◆ **Exercise description**
Each entry below should appear again exactly as written, without pictures.

Data for review: Begin

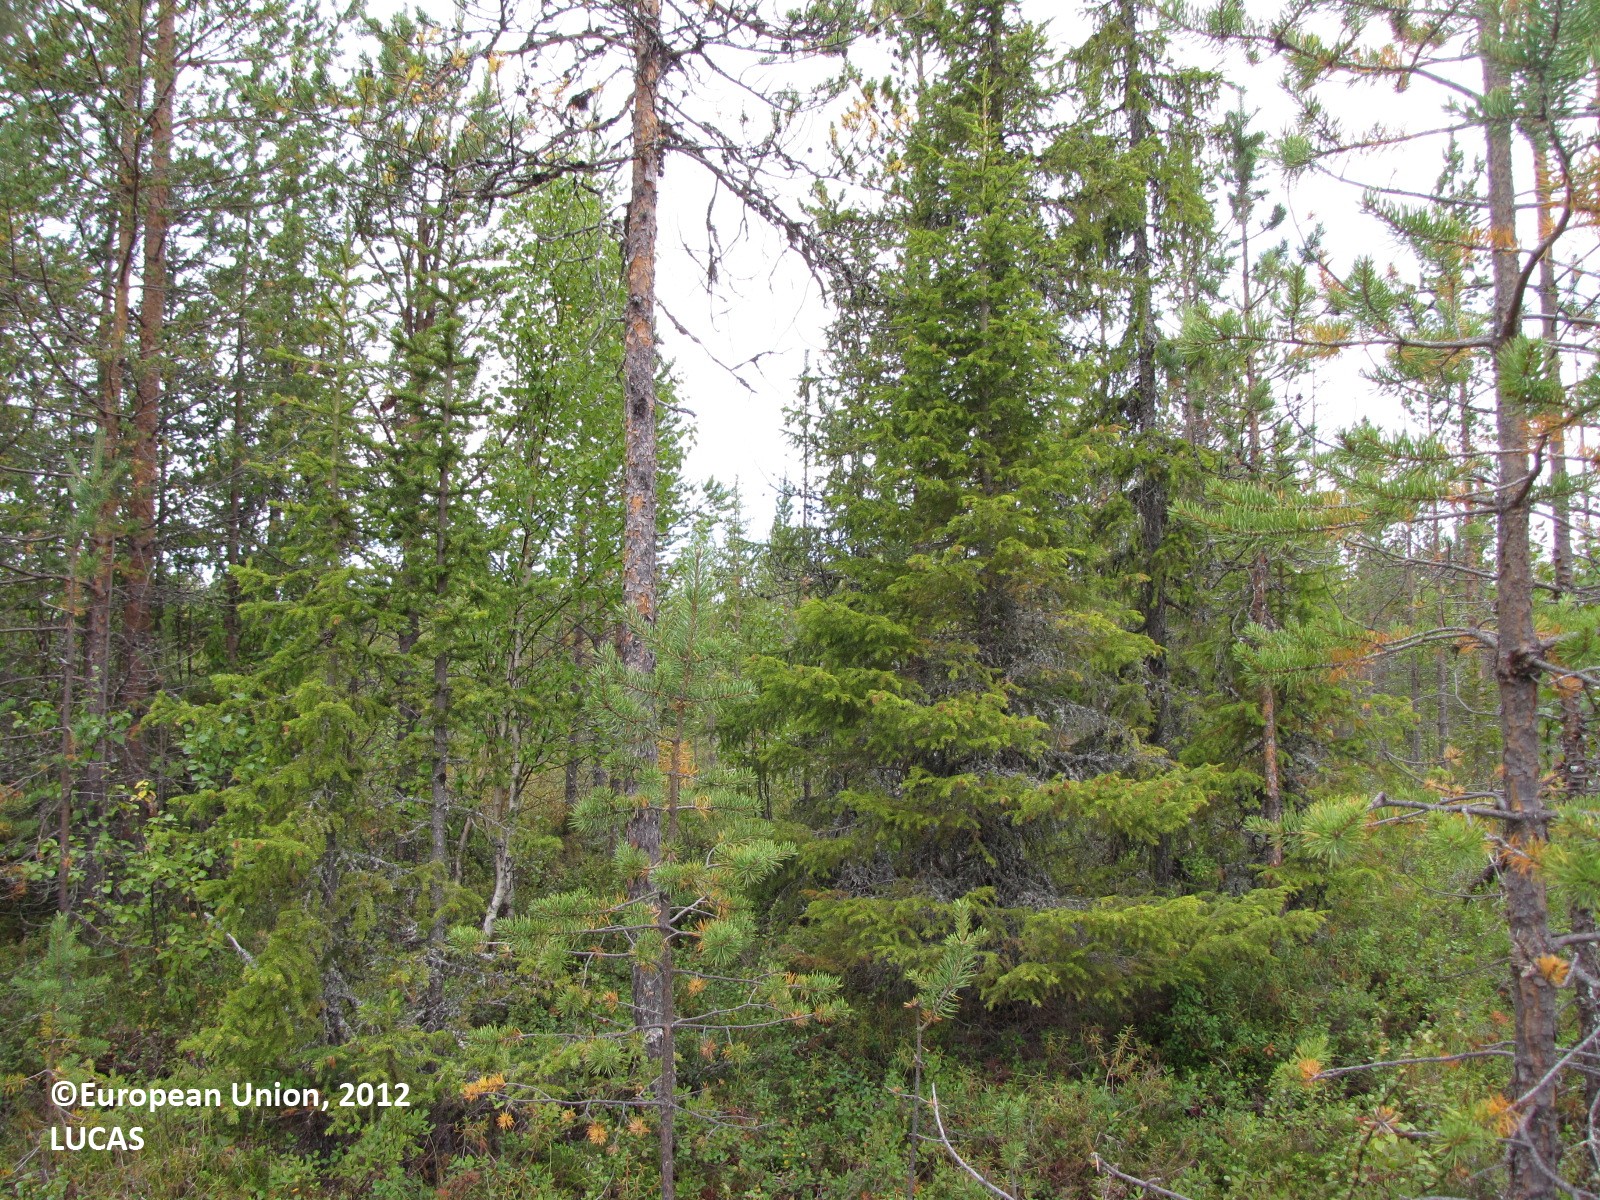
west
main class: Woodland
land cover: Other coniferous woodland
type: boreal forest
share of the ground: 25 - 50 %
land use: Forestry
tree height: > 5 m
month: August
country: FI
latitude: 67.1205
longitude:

Data for review: End

◆ **Final answer**
west
main class: Woodland
land cover: Other coniferous woodland
type: boreal forest
share of the ground: 25 - 50 %
land use: Forestry
tree height: > 5 m
month: August
country: FI
latitude: 67.1205
longitude:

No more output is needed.